=====================
GPU / JAX / CuPy
=====================

*findiff* can transparently operate on **JAX** and **CuPy** arrays in addition
to standard NumPy arrays.  All derivative operators (``Diff``, ``Gradient``,
``Divergence``, ``Curl``, ``Laplacian``) and operator compositions (addition,
multiplication, exponentiation) work out of the box — just pass an array from
any supported backend.

Installation
============

*findiff* detects JAX and CuPy at runtime; neither is a hard dependency.
Install whichever backend you need:

.. code-block:: shell

    # JAX — CPU only
    pip install jax

    # JAX — NVIDIA GPU
    pip install jax[cuda12]

    # CuPy — NVIDIA GPU
    pip install cupy-cuda12x


Basic usage
===========

Pass a JAX (or CuPy) array where you would normally pass a NumPy array:

.. code-block:: python

    import jax
    import jax.numpy as jnp
    from findiff import Diff

    jax.config.update("jax_enable_x64", True)

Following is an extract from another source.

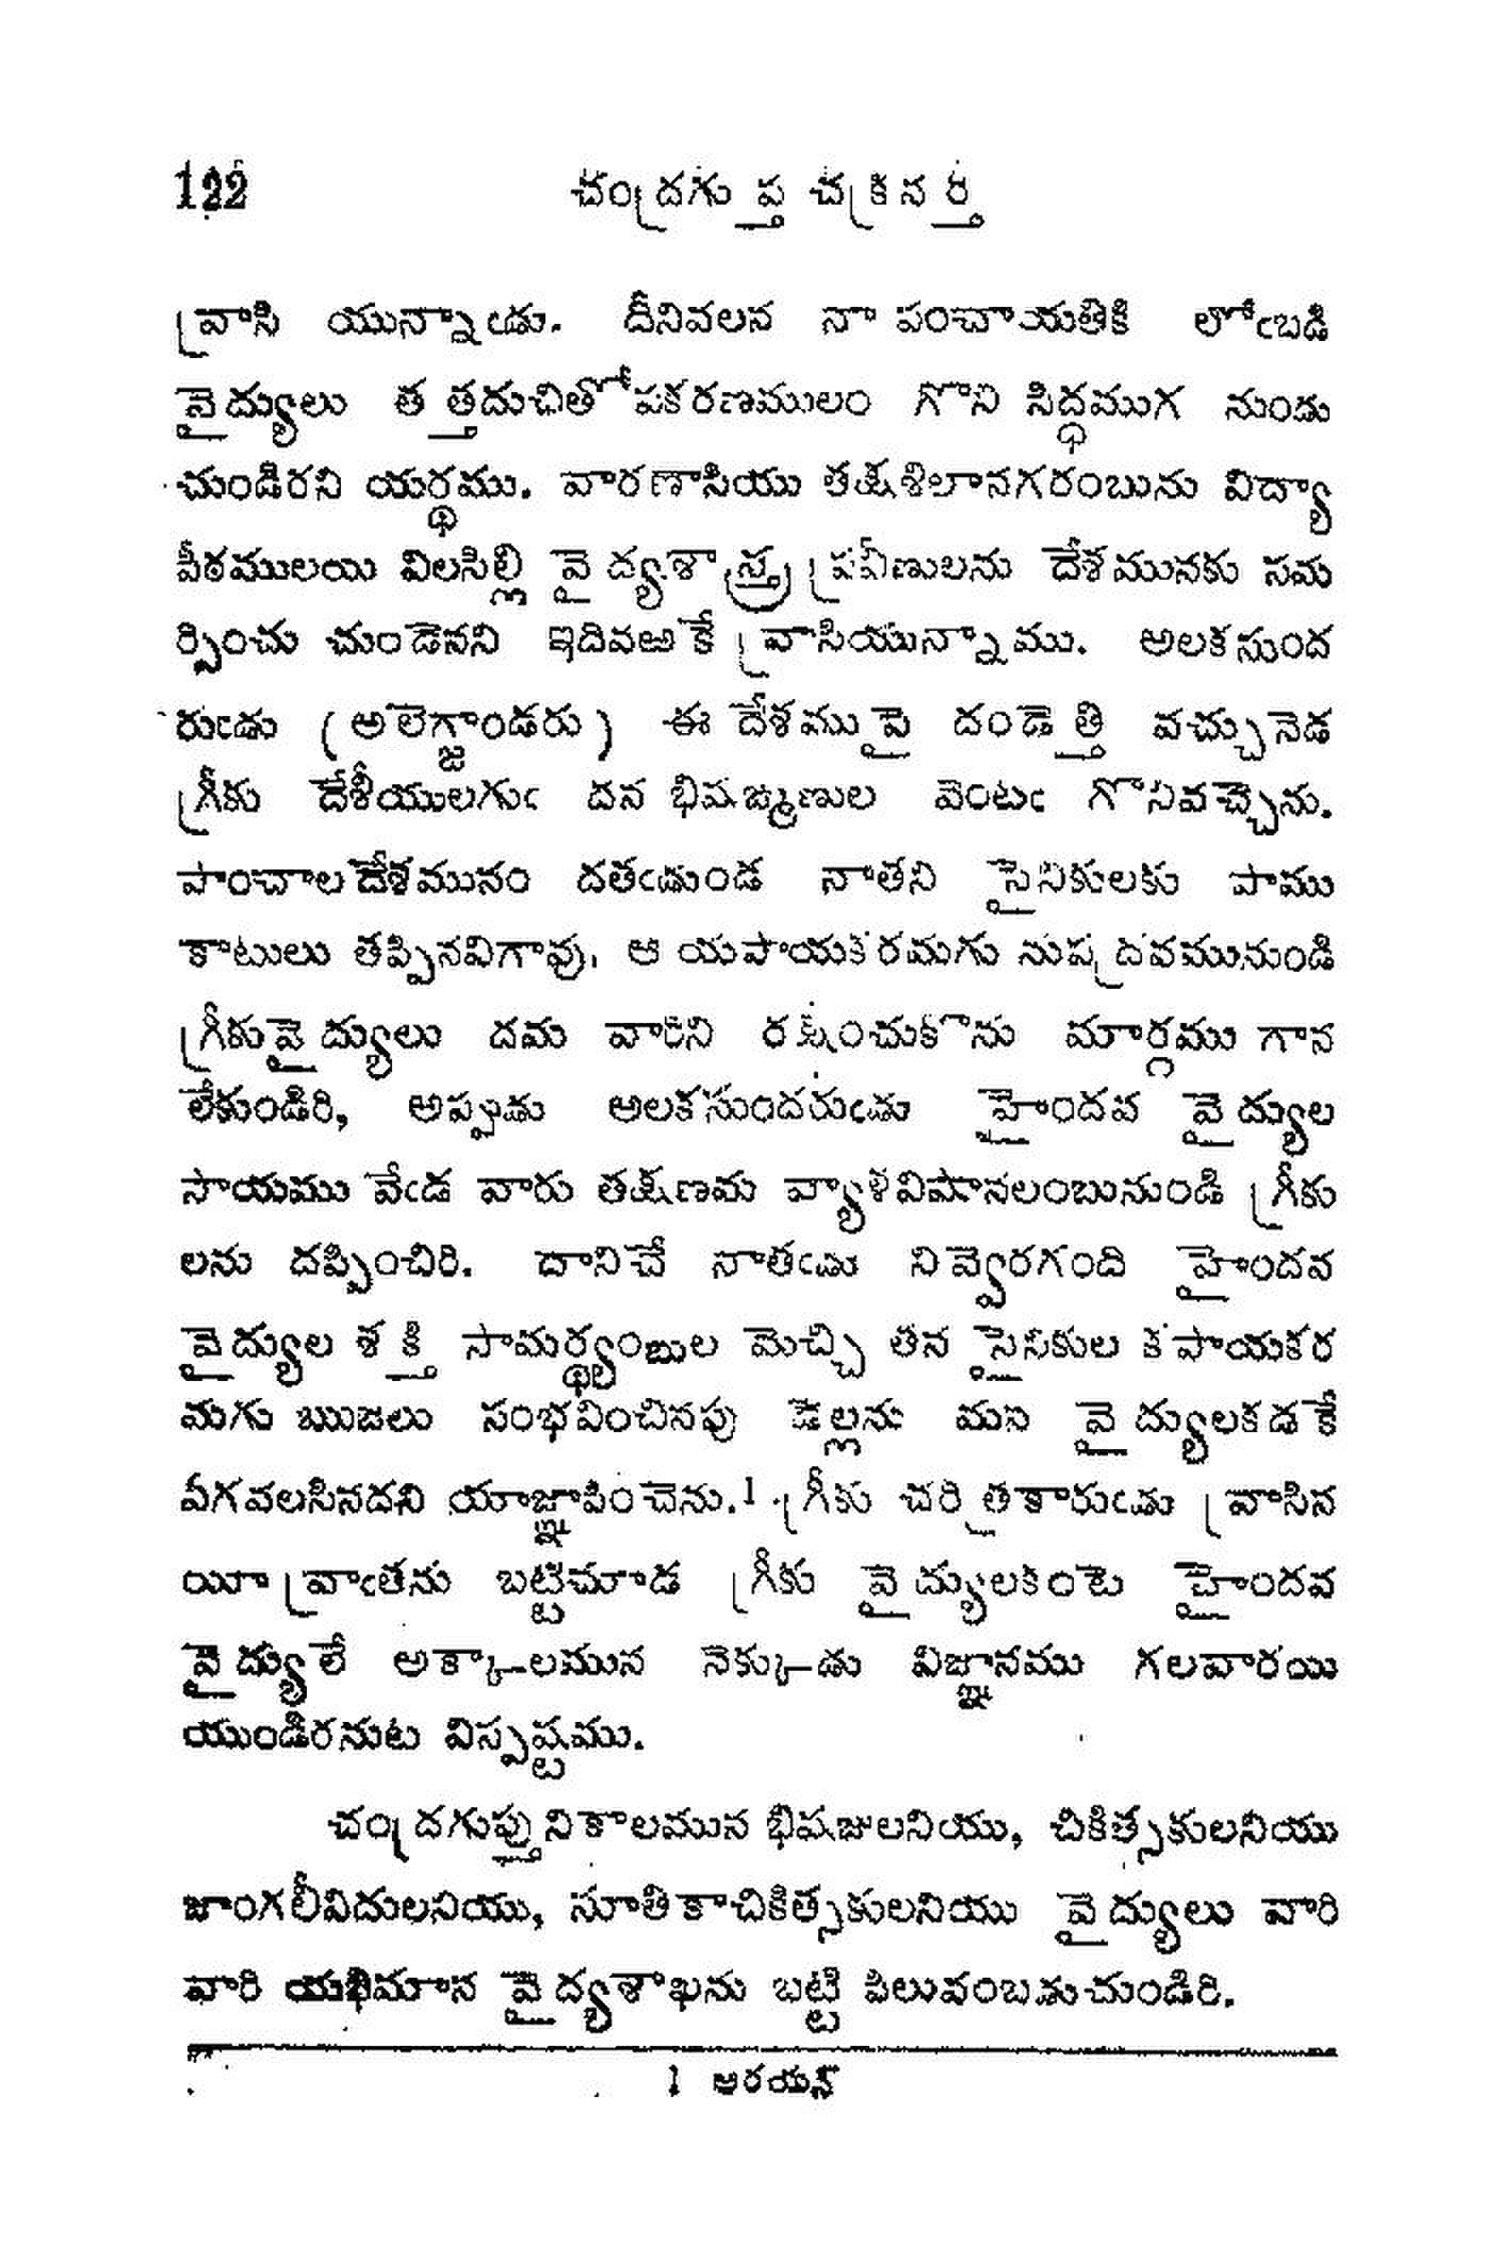వ్రాసి యున్నాఁడు. దీనివలన నా పంచాయతికి లోఁబడి వైద్యులు తత్తదుచితోపకరణములం గొని సిద్ధముగ నుండు చుండిరని యర్థము. వారణాసియు తక్షశిలానగరంబును విద్యా పీఠములయి విలసిల్లి వైద్యశాస్త్ర ప్రవీణులను దేశమునకు సమర్పించు చుండెనని ఇదివఱకే వ్రాసియున్నాము. అలకసుందరుఁడు (అలెగ్జాండరు) ఈ దేశము పై దండెత్తి వచ్చునెడ
గ్రీకు దేశీయులగుఁ దన భిషజ్మణుల వెంటఁ గొనివచ్చెను. పాంచాలదేశమునం దతఁడుండ నాతని సైనికులకు పాముకాటులు తప్పినవిగావు. ఆ యపాయకరమగు నుపద్రవమునుండి గ్రీకువైద్యులు దమ వారిని రక్షించుకొను మార్గము గాన లేకుండిరి. అప్పుడు అలకసుందరుఁడు హైందవ వైద్యుల సాయము వేఁడ వారు తక్షణమ వ్యాళవిషానలంబునుండి గ్రీకులను దప్పించిరి. దానిచే నాతఁడు నివ్వెరగంది హైందవ వైద్యుల శక్తి సామర్థ్యంబుల మెచ్చి తన సైనికుల కపాయకరమగు ఋజలు సంభవించినపు డెల్లను మన వైద్యులకడకే ఏగవలసినదని యాజ్ఞాపించెను. 1 గ్రీకు చరిత్రకారుఁడు వ్రాసిన యీ వ్రాఁతను బట్టిచూడ గ్రీకు వైద్యులకంటే హైందవ వైద్యులే అక్కాలమున నెక్కుడు విజ్ఞానము గలవారయి యుండిరనుట విస్పష్టము.

చంద్రగుప్తునికాలమున భిషజులనియు, చికిత్సకులనియు జాంగలీవిదులనియు, సూతికాచికిత్సకులనియు వైద్యులు వారి వారి యభిమాస వైద్యశాఖను బట్టి పిలువంబడుచుండిరి.
.

    x = jnp.linspace(0, 2 * jnp.pi, 1000)
    dx = float(x[1] - x[0])
    f = jnp.sin(x)

    d_dx = Diff(0, dx)
    df_dx = d_dx(f)          # returns a JAX array
    type(df_dx)               # jaxlib.xla_extension.ArrayImpl

The result stays on the same backend as the input — no implicit copies back
to NumPy.


Using ``jax.jit`` for speed
============================

Without JIT, JAX dispatches each NumPy-like operation individually, which can
be *slower* than plain NumPy due to dispatch overhead.  The real speedup comes
from **JIT compilation**, which fuses all the slice and arithmetic operations
inside the operator into a single optimized kernel:

.. code-block:: python

    d_dx_jit = jax.jit(d_dx)

    # First call traces + compiles (slow):
    result = d_dx_jit(f)

    # Subsequent calls reuse the compiled kernel (fast):
    result = d_dx_jit(f)

This works for any operator, including composed operators and vector calculus
shortcuts:

.. code-block:: python

    from findiff import Laplacian

    lap = Laplacian(h=[dx, dy, dz])
    lap_jit = jax.jit(lap)
    result = lap_jit(f_3d)

.. tip::

    Always call ``.block_until_ready()`` when benchmarking JAX, since JAX uses
    asynchronous dispatch::

        result = lap_jit(f_3d).block_until_ready()


Non-uniform grids
=================

Non-uniform grid coordinates can be passed as JAX or CuPy arrays.  They are
converted to NumPy internally for coefficient computation (which happens once
at operator construction time), while the operator application still runs on
the GPU backend:

.. code-block:: python

    import numpy as np

    x = np.linspace(0, np.pi, 500)        # NumPy coords for construction
    f = jnp.array(np.sin(x))              # JAX array for application

    d_dx = Diff(0, x)
    result = d_dx(f)                       # returns a JAX array


Vector calculus
===============

``Gradient``, ``Divergence``, ``Curl``, and ``Laplacian`` all support
alternative backends:

.. code-block:: python

    from findiff import Gradient, Laplacian

    grad = Gradient(h=[dx, dy], acc=4)
    grad_f = grad(f_2d_jax)               # returns a JAX array

    lap = Laplacian(h=[dx, dy])
    lap_f = lap(f_2d_jax)                 # returns a JAX array


Operator composition
====================

Composed operators with scalar or array coefficients work as expected:

.. code-block:: python

    from findiff import Diff, Identity

    d2 = Diff(0, dx) ** 2
    L = d2 + Identity()                    # d²/dx² + 1

    L_jit = jax.jit(L)
    result = L_jit(f_jax)


What is **not** supported on GPU
=================================

The following features remain **NumPy / SciPy only** and will raise errors or
return NumPy arrays if called with GPU data:

* ``.matrix(shape)`` — returns a ``scipy.sparse`` matrix
* ``PDE`` and ``BoundaryConditions`` — use ``scipy.sparse.linalg`` solvers
* ``TimeDependentPDE`` / ``MOLSolution`` — implicit time steppers use sparse solvers
* ``CompactScheme`` operators — use ``scipy.sparse.linalg.splu``
* ``Stencil`` / ``StencilSet`` — construction depends on the matrix path
* ``.eigs()`` / ``.eigsh()`` — use ``scipy.sparse.linalg``


Running the benchmarks
======================

The test suite includes benchmarks that compare NumPy and JAX performance.
They are excluded from normal ``pytest`` runs and can be executed with:

.. code-block:: shell

    pytest -m benchmark -v -s --override-ini='addopts='